What is non personal data?

Much of the data we obtain does not relate to individuals but rather to households, properties or geographic areas. Using statistical techniques, Experian uses non-personal data sources to build models to indicate the likelihood a household or geographic area exhibits certain characteristics and behaviours. For example, the likelihood of there being children present in the household, or the likelihood an area has lots of people who might visit a retail fashion outlet.

This is data that can't identify you. This might be because:

  1. it's only available for households, properties or geographic areas. For example, the Government’s Office of National Statistics produce lots of official statistics which do not identify an individual, but which are provided at various levels of geography and available to be used by all organisations.
  2. when originally collected, the data might have been personal data where an individual could be identified, but when provided to other organisations any personal information that can identify you has been removed. This means it has been anonymised.

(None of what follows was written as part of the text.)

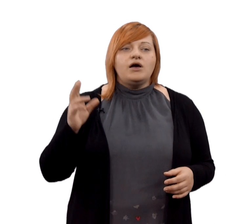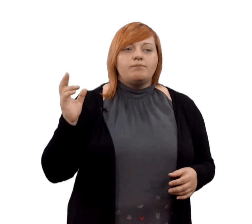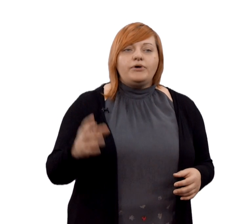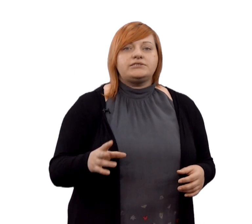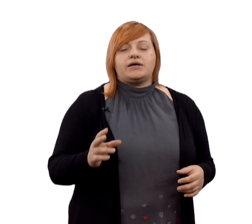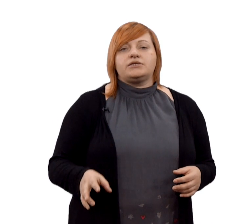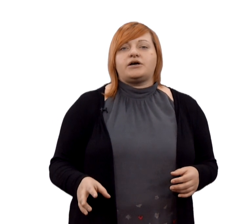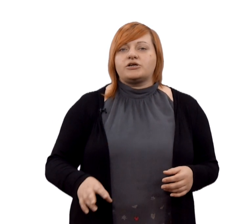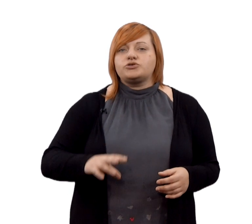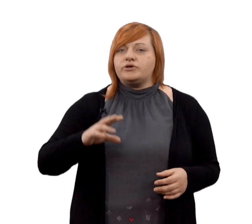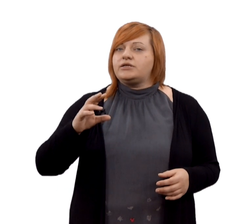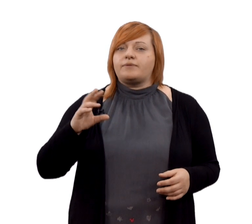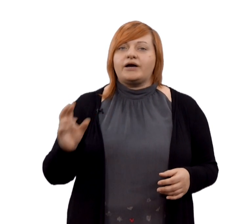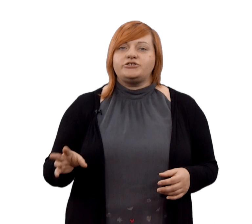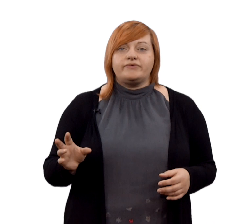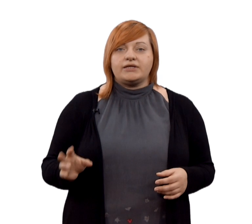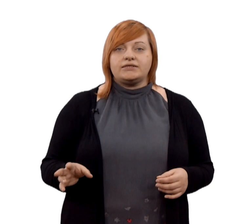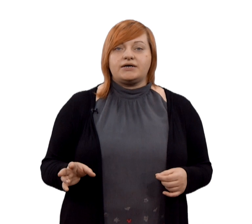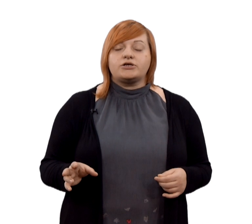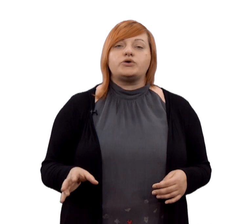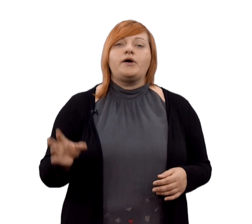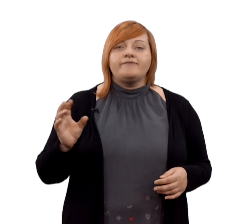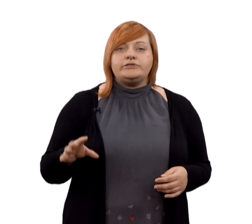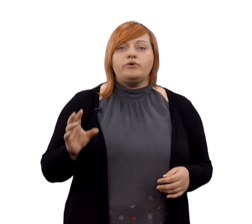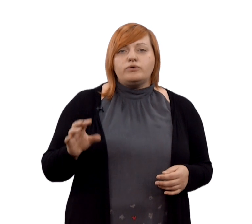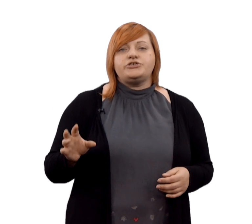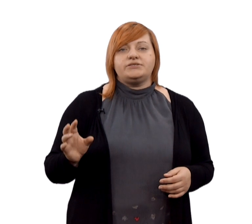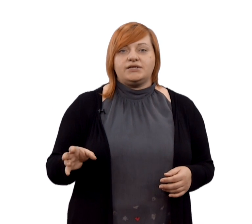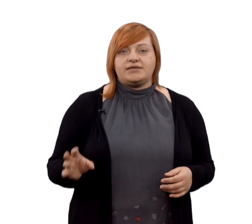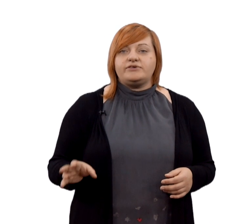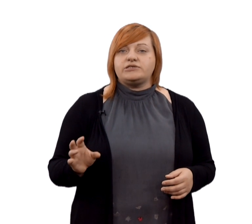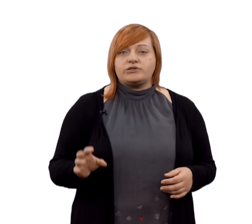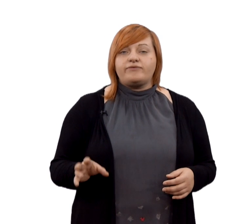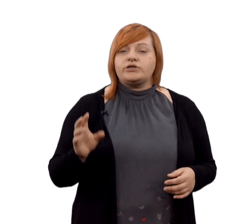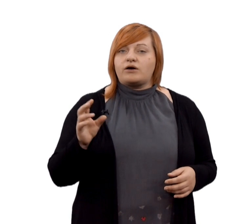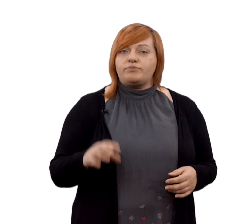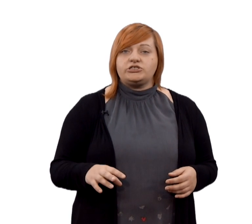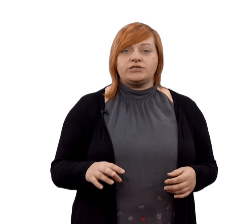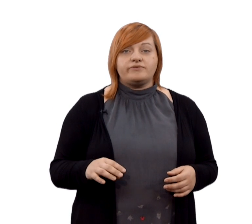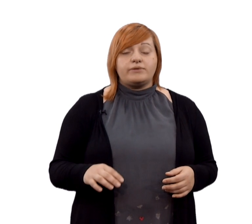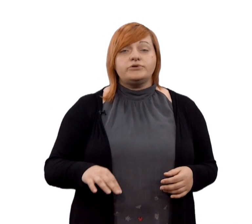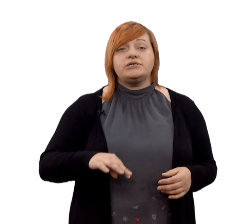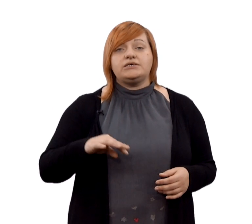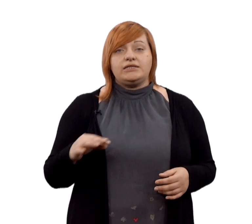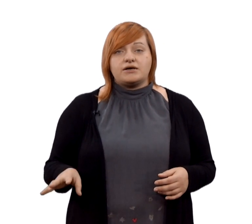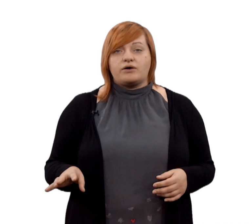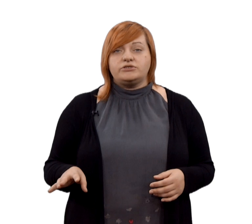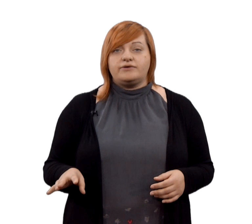быстро это хорошо или качественно это хорошо. Все очень сильно зависит от того, на какой площадке вы работаете и для какой целевой

Lots of organisations use statistical techniques ('analytics') to identify patterns in behaviour across their customer base. For example, if a retailer uses data which contains a customer's name and address along with transaction history to create insight into trends and behaviours across the whole customer base, it is not necessary to know who the individual is, so the name and address can be removed leaving anonymised data to be used in the analytics process.

Where do we obtain non personal data from?

Experian Marketing Services obtain a wide variety of non-personal data from several sources to build our products and services, which provide marketing insights to our clients. These sources include Government sources, publicly available records, surveys and market research and data from commercial organisations.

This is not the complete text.